Deep Ecology Practice: Speaking of Grief

Kat Palti
Deep Ecology Studies
4 min readNov 11, 2022

When we hold our grief inside, we may feel isolated. Does pain ever cut you off from other people? Perhaps you think that they do not care about what is causing you pain, whether that is injustice, climate change, animal exploitation, extinction or another trouble happening in our world, to humans or to other beings. Many of us are taught not to talk about painful subjects because it’s depressing. This means we do not get to experience the enormous relief of communicating about what matters most to us, and finding that others do share these feelings.
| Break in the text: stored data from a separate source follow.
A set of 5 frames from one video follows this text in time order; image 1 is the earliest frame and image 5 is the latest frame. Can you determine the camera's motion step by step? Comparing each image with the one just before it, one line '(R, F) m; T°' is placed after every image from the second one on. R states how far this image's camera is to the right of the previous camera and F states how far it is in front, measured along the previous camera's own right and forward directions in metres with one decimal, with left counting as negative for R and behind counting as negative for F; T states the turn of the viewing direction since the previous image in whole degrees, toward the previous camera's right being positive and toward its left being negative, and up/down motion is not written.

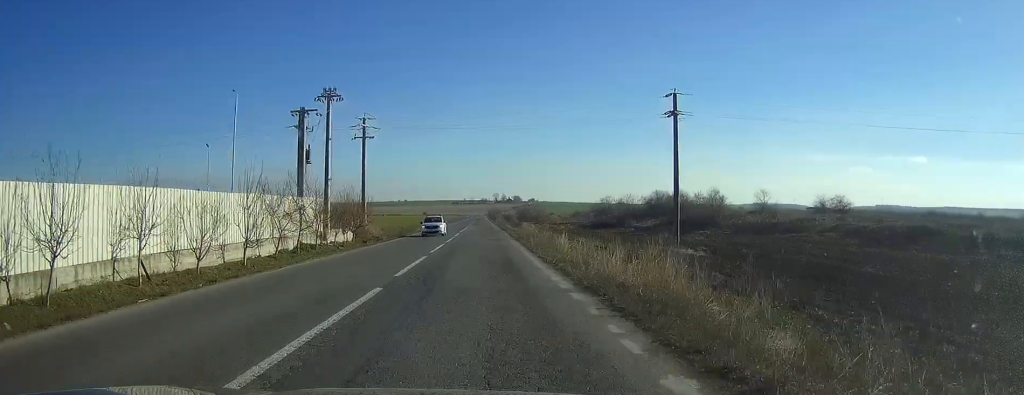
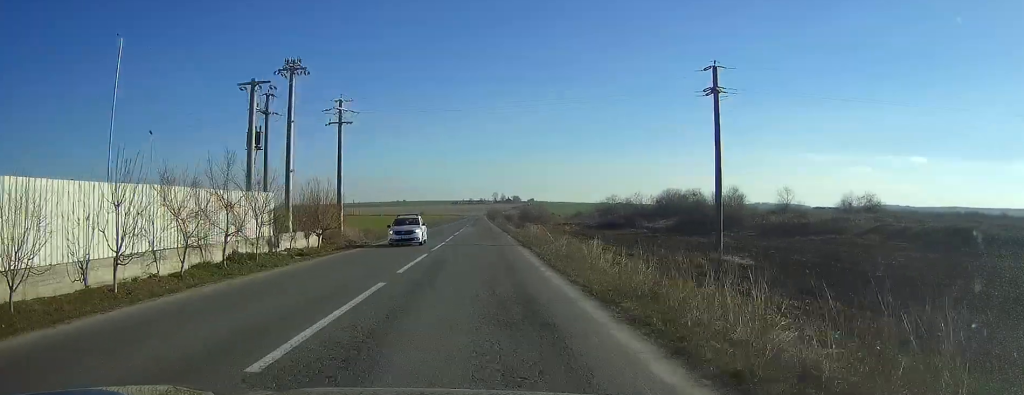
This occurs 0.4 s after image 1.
(0.0, +10.8) m; 0°
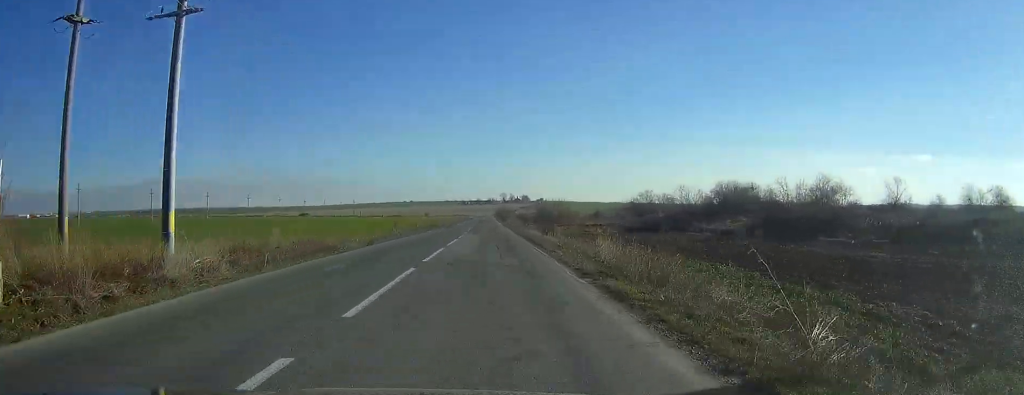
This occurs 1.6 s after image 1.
(0.0, +32.3) m; -1°
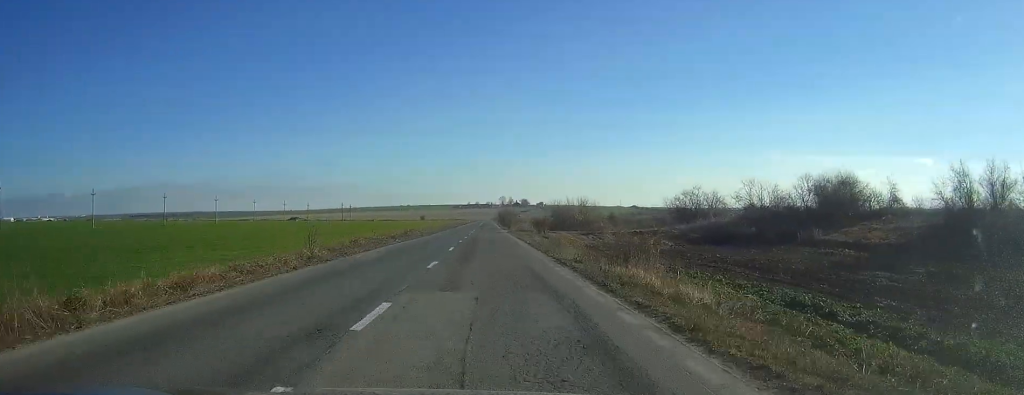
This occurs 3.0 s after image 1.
(-0.7, +36.6) m; -2°
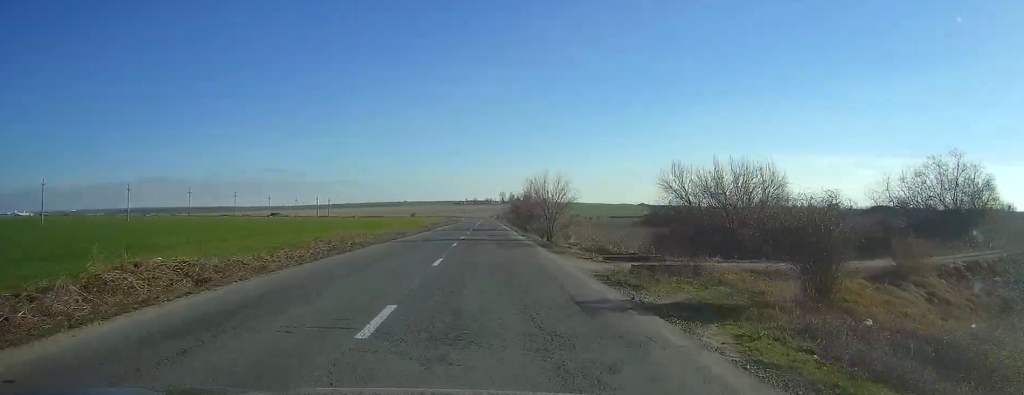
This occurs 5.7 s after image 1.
(-0.3, +72.3) m; 0°

The very pain that seems to isolate us is an expression of our connection and kinship. When we share it with others, creative energy is released that can have a transformative effect.

Is there someone you trust with whom you can speak? A heartfelt conversation could be had about how it hurts to live in a world knowing that species are going extinct, habitats destroyed, climate disrupted, terrible weapons devised and used on the innocent, people exploited and living in hardship while a few hoard wealth to no purpose. We know all this and have to live with it.

Perhaps it seems difficult to speak of this pain. You might not want to be perceived as complaining. We may fear being judged. Because of the highly individualistic culture that dominates today, expressing sadness on behalf of others is often seen as a personal failing.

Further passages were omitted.